However, before we dismiss all those who fostered the memory of Patrick in the early Middle Ages (and without their interest we would know nothing about Patrick) as bigots, zealots, primitives, or religious tyrants, we should not forget that their examples came from the fate of Pharaoh’s chariot army in Exodus 14 and 15; the fate of the prophets of Baal at the hands of Elijah in 1 Kings 18; and the fate of Ananias and Sapphira before Peter in Acts 5; and indeed many Christians still sing the Song of Moses (Exod. 15), which thanks God for drowning the Egyptians, as part of their celebration of Christ’s resurrection at the Easter Vigil.

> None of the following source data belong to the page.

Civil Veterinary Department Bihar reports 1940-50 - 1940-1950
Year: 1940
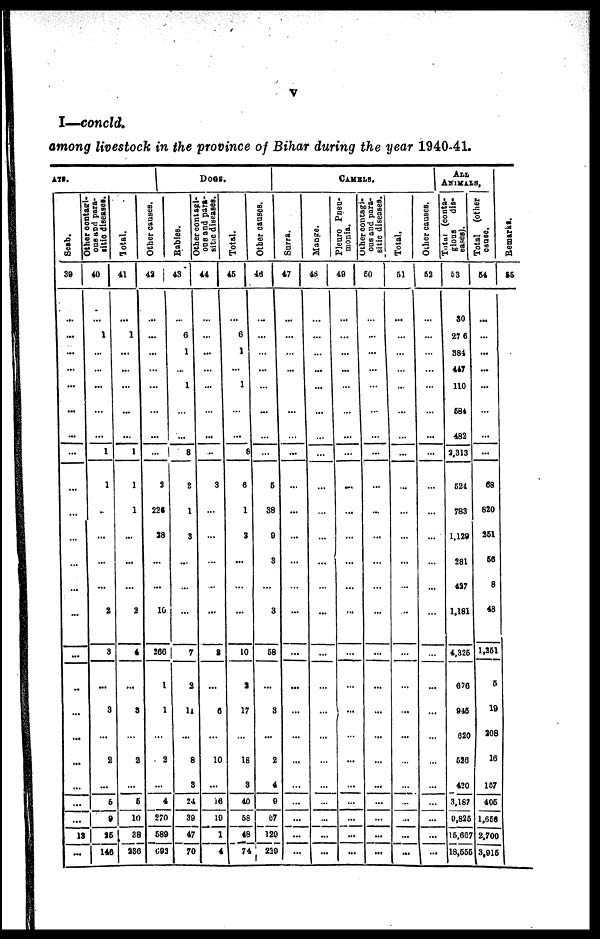
V
I—concld.
among livestock in the province of Bihar during the year 1940-41.
ATS.
Scab.
39
…
...
...
…
…
...
...
…
…
…
…
…
…
...
…
…
…
...
...
…
…
…
13
...
one and para-
sitic diseases.
40
…
1
…
…
...
…
…
1
1
...
…
…
...
2
3
...
3
…
2
…
5
9
25
146
Total.
41
…
1
…
...
…
...
…
1
1
1
…
…
…
2
4
...
3
…
2
…
6
10
38
236
Other causes.
42
…
...
…
…
…
…
...
...
2
226
28
…
...
10
266
1
1
…
2
…
4
270
589
693
DOGS.
Babies.
43
...
6
1
…
1
…
…
8
2
1
3
…
…
…
7
9
11
...
8
3
24
39
47
70
ous
and para-
sitic diseases.
44
…
...
...
…
…
…
...
…
3
…
…
…
…
…
2
...
6
…
10
…
16
10
1
4
Total.
45
…
6
1
…
1
…
…
8
6
1
3
...
…
…
10
2
17
…
18
3
40
68
48
74
Other causes.
46
…
…
…
…
…
…
…
…
6
38
9
3
...
3
58
…
3
…
2
4
9
67
129
239
CAMELS.
Surra.
47
…
...
…
…
…
...
…
…
…
…
…
…
…
…
…
...
…
…
…
…
…
…
…
…
Mange.
48
…
…
…
...
…
…
…
…
…
…
…
…
…
...
…
…
…
…
…
…
…
…
…
…
Pleuro Pneu-
monia.
49
…
…
…
…
…
…
…
…
...
…
…
...
…
…
…
…
…
…
...
…
…
…
…
...
ous and para-
sitic diseases.
50
…
…
…
…
…
…
…
…
…
...
…
…
…
…
…
…
...
…
…
...
…
…
…
...
Total.
51
...
…
…
…
…
…
…
…
…
…
…
…
…
…
…
…
...
…
…
…
…
...
…
...
ALL
ANIMALS,
Oilier causes.
52
…
…
…
…
…
…
…
…
…
…
…
…
…
…
…
...
...
…
…
…
…
…
…
...
Total (conta-
gious
dis-
eases).
53
30
27 6
381
447
110
584
482
2,313
621
783
1,129
281
427
1,181
4.326
676
945
620
626
420
3,187
9,825
15,667
18,555
Total (other
cause.
54
…
…
…
...
…
…
…
…
68
820
361
66
8
48
1,261
6
19
208
16
167
406
1,656
2,700
3,915
Remarks.
55
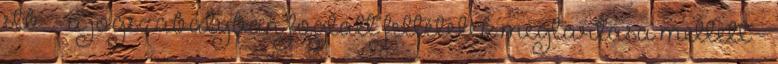
stb. - a jogszabályban foglalt feltételek megtartása mellett -
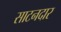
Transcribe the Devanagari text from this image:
साटनदार
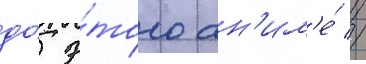
до́ э́того ан'им'е́ //
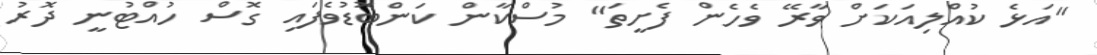
"އަޅެ ކުއްލިއަކަށް ވާރޭ ވެހެން ފެށީތަ" މުސްކާން ކަންބޮޑުވެފައި ގޮސް ހުއްޓުނީ ދޮރު
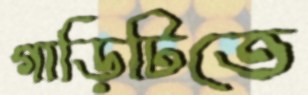
গাড়িটিতে
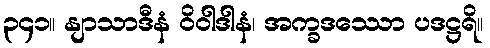
၃၄၁။ နျာသာဒီနံ ဝိဝါဒါနံ၊ အက္ခဒဿော ပဒဋ္ဌရိ။
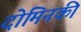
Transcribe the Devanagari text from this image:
दोमिनकी
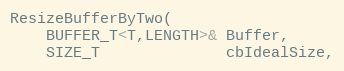
Language: C
ResizeBufferByTwo(
    BUFFER_T<T,LENGTH>& Buffer,
    SIZE_T              cbIdealSize,
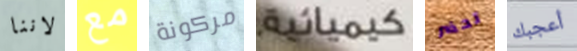
لاننا مع مركونة كيميائية. تحضر أعجبك
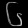
Digit: ၆
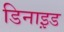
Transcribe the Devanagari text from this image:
डिनाइ़ड
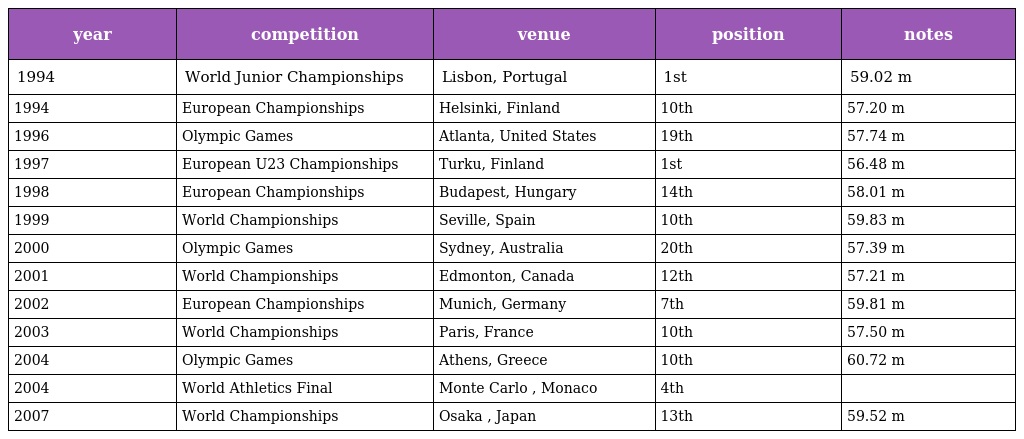
| year | competition | venue | position | notes |
 | --- | --- | --- | --- | --- |
 | 1994 | World Junior Championships | Lisbon, Portugal | 1st | 59.02 m |
 | 1994 | European Championships | Helsinki, Finland | 10th | 57.20 m |
 | 1996 | Olympic Games | Atlanta, United States | 19th | 57.74 m |
 | 1997 | European U23 Championships | Turku, Finland | 1st | 56.48 m |
 | 1998 | European Championships | Budapest, Hungary | 14th | 58.01 m |
 | 1999 | World Championships | Seville, Spain | 10th | 59.83 m |
 | 2000 | Olympic Games | Sydney, Australia | 20th | 57.39 m |
 | 2001 | World Championships | Edmonton, Canada | 12th | 57.21 m |
 | 2002 | European Championships | Munich, Germany | 7th | 59.81 m |
 | 2003 | World Championships | Paris, France | 10th | 57.50 m |
 | 2004 | Olympic Games | Athens, Greece | 10th | 60.72 m |
 | 2004 | World Athletics Final | Monte Carlo , Monaco | 4th |  |
 | 2007 | World Championships | Osaka , Japan | 13th | 59.52 m |
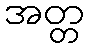
အတ္တ
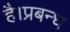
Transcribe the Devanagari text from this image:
है।प्रबन्ध
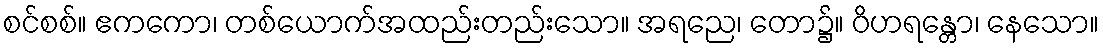
စင်စစ်။ ဧကကော၊ တစ်ယောက်အထည်းတည်းသော။ အရညေ၊ တော၌။ ဝိဟရန္တော၊ နေသော။
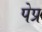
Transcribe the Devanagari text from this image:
पेप्र
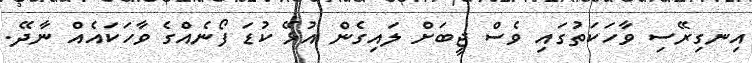
އިނގިރޭސި ވާހަކަތުގައި ވެސް ޖީބަށް ލައިގެން އުޅޭ ކުޑަ ފޯނެއްގެ ވާހަކައެއް ނާދޭ.
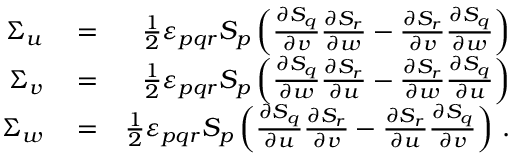
\begin{array} { r l r } { \Sigma _ { u } } & { { } = } & { \frac { 1 } { 2 } \varepsilon _ { p q r } S _ { p } \left( \frac { \partial S _ { q } } { \partial v } \frac { \partial S _ { r } } { \partial w } - \frac { \partial S _ { r } } { \partial v } \frac { \partial S _ { q } } { \partial w } \right) } \\ { \Sigma _ { v } } & { { } = } & { \frac { 1 } { 2 } \varepsilon _ { p q r } S _ { p } \left( \frac { \partial S _ { q } } { \partial w } \frac { \partial S _ { r } } { \partial u } - \frac { \partial S _ { r } } { \partial w } \frac { \partial S _ { q } } { \partial u } \right) } \\ { \Sigma _ { w } } & { { } = } & { \frac { 1 } { 2 } \varepsilon _ { p q r } S _ { p } \left( \frac { \partial S _ { q } } { \partial u } \frac { \partial S _ { r } } { \partial v } - \frac { \partial S _ { r } } { \partial u } \frac { \partial S _ { q } } { \partial v } \right) \, . } \end{array}
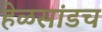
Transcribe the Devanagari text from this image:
हेळसांडच
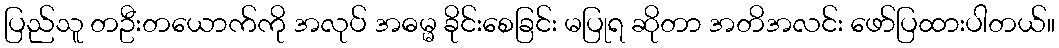
ပြည်သူ တဦးတယောက်ကို အလုပ် အဓမ္မ ခိုင်းစေခြင်း မပြုရ ဆိုတာ အတိအလင်း ဖော်ပြထားပါတယ်။
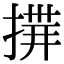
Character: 𢰎
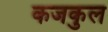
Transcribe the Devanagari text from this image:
कजकुल
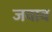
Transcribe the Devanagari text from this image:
जवाव
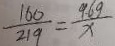
\frac { 1 6 0 } { 2 1 9 } = \frac { 9 . 6 g } { x }
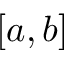
[ a , b ]
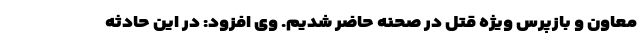
معاون و بازپرس ویژه قتل در صحنه حاضر شدیم. وی افزود: در این حادثه
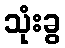
သုံးခွ
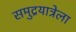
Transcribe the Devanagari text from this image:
समुद्रयात्रेला

In writing about Patrick, Muirchú saw himself in continuity with these biblical writers and sought to cast Patrick as a contemporary version of those biblical characters. Indeed, ultimately the hagiographers saw themselves doing for their subjects, who were members of Christ, what the evangelists did for Jesus to show he was the Christ. The evangelist John concluded his gospel by saying that he had ‘written’ the book ‘that you may believe that Jesus is the Christ, the Son of God, and that believing you may have life in his name’ (20:31), and so we make a distinction between the genre of gospel writing and the genre of biography. The hagiographer echoes John’s words: he wrote that people might believe that someone was a saint and so might be moved to link their own life with that of the saint through entering into that saint’s cult. Hagiographers lived in a different world from ours, and even for contemporary Christians, to enter that world requires a leap of imagination and sympathy with religious difference. This stress on the gulf of understanding that separates us from the past is itself part of our very modernity: for most of Christian history it was the continuity with the past that was stressed. Each culture and period imagined their society as having the same understanding as that of earlier Christians: hence the message of the Gospel related directly to their situation, the events of the gospels were pictured as occurring in their landscape and fashions, and they attributed to the earlier period their own beliefs and hang-ups. So, for example, Muirchú imagined that the situation and events of the Book of Daniel and the situation at the court of the Irish High King at Tara were virtually the same apart from the obvious difference in date, location and language. Alternatively, some modern Christians live in a situation where miracles are viewed as childish superstitions and so, to preserve continuity with the desired past, the milieu of Jesus, Jesus is reconstructed without any hint of the miraculous. One myth of continuity makes a seventh-century Irishman into an ancient Babylonian (8), while the other makes a first-century Jew from Palestine into a twenty-first-century social reformer (9). In short, continuity is the lifeblood of a community, and so it is a central plank in the worldview of a hagiographer, but it is dangerous for the historian, and problematic in a culture that notes its differences from the past.
Saints, heroes, relics
While we must not try to disguise the differences between our worlds and those of the past, we should also note that there are continuities, and while the cult of saints may mean less within the Christian churches, the human dynamics that are at play in saints’ cults seem to be as active as ever. These human dynamics do seem to form a real continuity with the past and serve to remind us that with some imaginative sympathy we can enter into a foreign world, and at the very least experience it through a cultural translation.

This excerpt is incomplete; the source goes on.